The charts in Fig. 1 below illustrate the procedure for a stock process X(t) with annual drift of 10%, annual volatility 40%, beta process variance Q of 8.65E-9 and price process variance R of 5.62E-2 (Q/R ratio of 1.54E-7).
Fig. 1 True and Estimated Beta and Alpha Using the Kalman Filter
As you can see, the Kalman Filter does a very good job of updating its beta estimate to track the underlying, true beta (which, in this experiment, is known). As the noise ratio Q/R is small, the Kalman Filter estimates of the process alpha, kfalpha(t), correspond closely to the true alpha(t), which again are known to us in this experimental setting. You can examine the relationship between the true alpha(t) and the Kalman Filter estimates kfalpha(t) is the chart in the upmost left quadrant of the figure. The correlation between the two is around 89%. With a level of accuracy this good for our alpha estimates, the pair of simulated stocks would make an ideal candidate for a pairs trading strategy.
Of course, the outcome is highly dependent on the values we assume for Q and R (and also to some degree on the assumptions made about the drift and volatility of the price process X(t)).
The next stage of the analysis is therefore to generate a large number of simulated price and beta observations and examine the impact of different levels of Q and R, the variances of the beta and price process. The results are summarized in the table in Fig 2 below.

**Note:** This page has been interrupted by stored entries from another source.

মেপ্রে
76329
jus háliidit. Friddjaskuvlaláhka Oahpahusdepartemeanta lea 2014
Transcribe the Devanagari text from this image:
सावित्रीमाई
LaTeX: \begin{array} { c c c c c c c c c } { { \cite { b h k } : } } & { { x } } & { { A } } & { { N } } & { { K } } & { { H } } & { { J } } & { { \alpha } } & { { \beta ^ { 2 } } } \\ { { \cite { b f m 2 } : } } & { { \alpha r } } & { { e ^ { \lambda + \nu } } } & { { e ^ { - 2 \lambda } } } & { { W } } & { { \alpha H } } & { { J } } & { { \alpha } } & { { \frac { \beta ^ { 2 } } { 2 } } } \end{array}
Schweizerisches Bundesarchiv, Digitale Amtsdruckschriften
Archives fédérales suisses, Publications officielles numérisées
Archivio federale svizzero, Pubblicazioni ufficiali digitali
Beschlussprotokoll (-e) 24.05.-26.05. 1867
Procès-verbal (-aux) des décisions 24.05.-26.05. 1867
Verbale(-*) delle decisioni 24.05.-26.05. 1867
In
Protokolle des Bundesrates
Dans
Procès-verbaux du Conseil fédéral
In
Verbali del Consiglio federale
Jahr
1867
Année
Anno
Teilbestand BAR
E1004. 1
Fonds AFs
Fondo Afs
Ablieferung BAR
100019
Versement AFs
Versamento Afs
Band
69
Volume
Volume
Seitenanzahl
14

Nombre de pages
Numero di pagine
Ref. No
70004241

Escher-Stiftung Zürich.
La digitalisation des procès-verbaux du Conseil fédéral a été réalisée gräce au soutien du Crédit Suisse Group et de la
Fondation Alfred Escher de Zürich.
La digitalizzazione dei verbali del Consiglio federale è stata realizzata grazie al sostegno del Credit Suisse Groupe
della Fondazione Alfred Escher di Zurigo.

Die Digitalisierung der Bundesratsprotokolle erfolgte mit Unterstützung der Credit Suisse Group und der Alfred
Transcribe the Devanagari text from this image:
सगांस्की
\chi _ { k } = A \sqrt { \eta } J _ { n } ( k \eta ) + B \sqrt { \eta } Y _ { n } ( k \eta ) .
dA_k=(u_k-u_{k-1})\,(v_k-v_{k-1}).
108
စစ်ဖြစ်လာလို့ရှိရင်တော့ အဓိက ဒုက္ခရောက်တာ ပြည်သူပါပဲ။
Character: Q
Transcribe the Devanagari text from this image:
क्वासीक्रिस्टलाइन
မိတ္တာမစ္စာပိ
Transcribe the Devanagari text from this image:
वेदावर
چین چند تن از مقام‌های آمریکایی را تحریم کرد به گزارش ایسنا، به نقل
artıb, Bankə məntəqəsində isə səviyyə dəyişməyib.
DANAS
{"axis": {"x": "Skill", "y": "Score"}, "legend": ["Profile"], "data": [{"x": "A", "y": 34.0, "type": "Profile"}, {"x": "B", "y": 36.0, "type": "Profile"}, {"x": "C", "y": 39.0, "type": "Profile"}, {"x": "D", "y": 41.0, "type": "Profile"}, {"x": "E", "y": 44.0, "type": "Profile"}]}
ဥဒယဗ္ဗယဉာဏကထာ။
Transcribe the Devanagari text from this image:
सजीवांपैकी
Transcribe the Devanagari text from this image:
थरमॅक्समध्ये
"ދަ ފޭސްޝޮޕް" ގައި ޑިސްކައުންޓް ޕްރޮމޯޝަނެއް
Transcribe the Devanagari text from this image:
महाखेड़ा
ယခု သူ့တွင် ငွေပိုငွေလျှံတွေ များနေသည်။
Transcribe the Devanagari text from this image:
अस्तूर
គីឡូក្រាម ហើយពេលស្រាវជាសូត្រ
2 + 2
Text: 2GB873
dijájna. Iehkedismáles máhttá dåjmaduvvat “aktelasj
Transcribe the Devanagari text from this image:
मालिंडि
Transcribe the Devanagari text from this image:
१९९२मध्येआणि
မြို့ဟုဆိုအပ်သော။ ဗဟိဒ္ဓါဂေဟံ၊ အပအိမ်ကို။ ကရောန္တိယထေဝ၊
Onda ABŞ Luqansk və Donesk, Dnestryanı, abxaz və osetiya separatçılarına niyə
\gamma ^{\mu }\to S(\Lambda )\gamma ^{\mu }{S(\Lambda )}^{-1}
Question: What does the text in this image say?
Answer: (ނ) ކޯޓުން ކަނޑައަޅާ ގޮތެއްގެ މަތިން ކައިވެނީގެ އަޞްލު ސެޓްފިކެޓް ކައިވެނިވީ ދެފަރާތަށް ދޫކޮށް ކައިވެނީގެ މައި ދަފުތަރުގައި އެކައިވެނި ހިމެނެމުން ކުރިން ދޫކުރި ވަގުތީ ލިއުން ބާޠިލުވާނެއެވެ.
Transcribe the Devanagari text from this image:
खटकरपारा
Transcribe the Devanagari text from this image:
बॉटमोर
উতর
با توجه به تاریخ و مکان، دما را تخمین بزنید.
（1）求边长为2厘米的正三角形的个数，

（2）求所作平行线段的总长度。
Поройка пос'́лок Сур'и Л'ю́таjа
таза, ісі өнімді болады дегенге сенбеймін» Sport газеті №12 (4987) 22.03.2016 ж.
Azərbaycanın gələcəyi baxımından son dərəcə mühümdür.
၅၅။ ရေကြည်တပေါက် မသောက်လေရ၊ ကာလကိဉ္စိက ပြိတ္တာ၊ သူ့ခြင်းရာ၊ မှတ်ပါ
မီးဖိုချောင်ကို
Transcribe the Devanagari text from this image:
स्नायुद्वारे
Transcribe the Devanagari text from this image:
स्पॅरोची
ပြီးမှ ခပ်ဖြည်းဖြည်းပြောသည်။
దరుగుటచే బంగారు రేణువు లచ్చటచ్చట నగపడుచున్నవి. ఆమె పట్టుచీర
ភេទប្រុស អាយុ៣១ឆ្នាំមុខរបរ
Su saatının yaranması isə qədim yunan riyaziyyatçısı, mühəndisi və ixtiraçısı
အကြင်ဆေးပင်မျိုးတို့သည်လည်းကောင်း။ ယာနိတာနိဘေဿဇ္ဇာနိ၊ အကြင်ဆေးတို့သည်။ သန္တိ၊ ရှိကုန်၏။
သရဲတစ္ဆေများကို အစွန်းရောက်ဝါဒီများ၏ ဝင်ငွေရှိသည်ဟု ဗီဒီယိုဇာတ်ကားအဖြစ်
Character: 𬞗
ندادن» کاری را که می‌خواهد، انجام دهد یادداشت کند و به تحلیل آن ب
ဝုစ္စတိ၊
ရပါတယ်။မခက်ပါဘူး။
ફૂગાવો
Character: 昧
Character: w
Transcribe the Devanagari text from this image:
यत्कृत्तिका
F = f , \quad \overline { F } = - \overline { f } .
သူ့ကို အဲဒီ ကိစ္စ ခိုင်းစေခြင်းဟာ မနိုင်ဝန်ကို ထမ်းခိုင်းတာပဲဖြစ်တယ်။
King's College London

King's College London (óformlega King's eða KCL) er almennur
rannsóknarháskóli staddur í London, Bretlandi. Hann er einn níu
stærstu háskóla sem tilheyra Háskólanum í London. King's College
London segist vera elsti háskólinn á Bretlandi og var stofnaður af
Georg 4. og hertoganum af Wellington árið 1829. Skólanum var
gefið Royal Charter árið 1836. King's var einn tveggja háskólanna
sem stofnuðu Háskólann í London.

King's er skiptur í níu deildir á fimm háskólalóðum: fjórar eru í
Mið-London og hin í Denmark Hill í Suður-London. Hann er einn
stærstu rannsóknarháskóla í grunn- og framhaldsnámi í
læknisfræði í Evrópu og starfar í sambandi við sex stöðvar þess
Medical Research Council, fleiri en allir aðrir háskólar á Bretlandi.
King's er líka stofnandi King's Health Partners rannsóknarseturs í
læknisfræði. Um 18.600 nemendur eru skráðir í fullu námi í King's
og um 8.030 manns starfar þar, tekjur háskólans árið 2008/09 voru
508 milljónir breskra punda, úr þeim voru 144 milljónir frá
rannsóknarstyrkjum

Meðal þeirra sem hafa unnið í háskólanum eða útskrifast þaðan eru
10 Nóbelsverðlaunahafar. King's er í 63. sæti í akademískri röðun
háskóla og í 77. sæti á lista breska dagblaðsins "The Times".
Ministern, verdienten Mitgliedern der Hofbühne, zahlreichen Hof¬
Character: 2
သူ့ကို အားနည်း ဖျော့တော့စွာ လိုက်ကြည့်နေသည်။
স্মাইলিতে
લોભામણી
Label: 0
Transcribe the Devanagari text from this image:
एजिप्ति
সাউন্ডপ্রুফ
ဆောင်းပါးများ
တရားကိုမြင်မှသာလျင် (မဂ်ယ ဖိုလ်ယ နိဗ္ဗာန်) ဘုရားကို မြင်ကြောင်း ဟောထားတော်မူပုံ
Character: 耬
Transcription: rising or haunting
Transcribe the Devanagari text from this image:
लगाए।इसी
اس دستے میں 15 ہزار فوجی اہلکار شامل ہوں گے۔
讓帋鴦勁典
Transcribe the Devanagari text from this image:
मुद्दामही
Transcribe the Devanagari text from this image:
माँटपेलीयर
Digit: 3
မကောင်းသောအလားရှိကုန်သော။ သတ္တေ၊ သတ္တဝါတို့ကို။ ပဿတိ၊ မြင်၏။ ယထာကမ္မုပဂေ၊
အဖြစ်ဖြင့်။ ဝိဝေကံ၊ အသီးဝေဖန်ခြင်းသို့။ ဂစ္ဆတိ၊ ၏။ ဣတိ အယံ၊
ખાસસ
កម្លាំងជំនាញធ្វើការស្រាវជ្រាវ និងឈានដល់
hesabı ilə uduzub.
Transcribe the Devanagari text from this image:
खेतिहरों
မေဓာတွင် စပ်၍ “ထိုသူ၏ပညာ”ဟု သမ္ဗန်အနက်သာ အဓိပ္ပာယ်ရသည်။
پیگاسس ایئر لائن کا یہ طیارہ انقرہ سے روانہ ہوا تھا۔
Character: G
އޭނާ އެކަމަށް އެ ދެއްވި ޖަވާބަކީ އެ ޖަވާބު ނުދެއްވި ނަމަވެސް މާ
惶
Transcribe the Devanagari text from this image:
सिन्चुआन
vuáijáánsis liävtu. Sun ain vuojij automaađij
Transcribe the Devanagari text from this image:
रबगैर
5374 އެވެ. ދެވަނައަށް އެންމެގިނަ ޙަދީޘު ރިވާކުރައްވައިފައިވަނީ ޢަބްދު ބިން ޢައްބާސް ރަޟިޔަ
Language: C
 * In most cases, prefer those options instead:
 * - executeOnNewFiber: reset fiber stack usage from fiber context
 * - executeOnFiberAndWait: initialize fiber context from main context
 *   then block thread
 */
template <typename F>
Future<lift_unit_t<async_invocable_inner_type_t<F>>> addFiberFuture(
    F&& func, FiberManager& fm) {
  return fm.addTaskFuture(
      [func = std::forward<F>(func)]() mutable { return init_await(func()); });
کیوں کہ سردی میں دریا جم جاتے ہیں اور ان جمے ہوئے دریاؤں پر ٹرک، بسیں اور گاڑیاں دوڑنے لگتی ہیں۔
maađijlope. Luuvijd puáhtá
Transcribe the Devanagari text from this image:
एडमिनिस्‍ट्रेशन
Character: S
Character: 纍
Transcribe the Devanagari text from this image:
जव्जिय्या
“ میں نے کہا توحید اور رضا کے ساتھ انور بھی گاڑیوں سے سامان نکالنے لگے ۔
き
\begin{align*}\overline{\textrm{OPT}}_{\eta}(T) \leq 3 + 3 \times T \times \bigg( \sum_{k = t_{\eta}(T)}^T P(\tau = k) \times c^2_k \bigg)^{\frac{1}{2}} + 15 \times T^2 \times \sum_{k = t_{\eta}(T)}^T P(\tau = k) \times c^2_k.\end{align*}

Fig 2. Correlation between true alpha(t) and kfalpha(t) for values of Q and R
As anticipated, the correlation between the true alpha(t) and the estimates produced by the Kalman Filter is very high when the signal:noise ratio is small, i.e. of the order of 1E-6, or less. Average correlations begin to tail off very quickly when Q/R exceeds this level, falling to as low as 30% when the noise ratio exceeds 1E-3. With a Q/R ratio of 1E-2 or higher, the alpha estimates become too noisy to be useful.
I find it rather fortuitous, even implausible, that in their study Rudy, et al, feel able to assume a noise ratio of 3E-7 for all of the stock pairs in their study, which just happens to be in the sweet spot for alpha estimation. From my own research, a much larger value in the region of 1E-3 to 1E-5 is more typical. Furthermore, the noise ratio varies significantly from pair to pair, and over time. Indeed, I would go so far as to recommend applying a noise ratio filter to the strategy, meaning that trading signals are ignored when the noise ratio exceeds some specified level.
The take-away is this: the Kalman Filter approach can be applied very successfully in developing statistical arbitrage strategies, but only for processes where the noise ratio is not too large. One suggestion is to use a filter rule to supress trade signals generated at times when the noise ratio is too large, and/or to increase allocations to pairs in which the noise ratio is relatively low.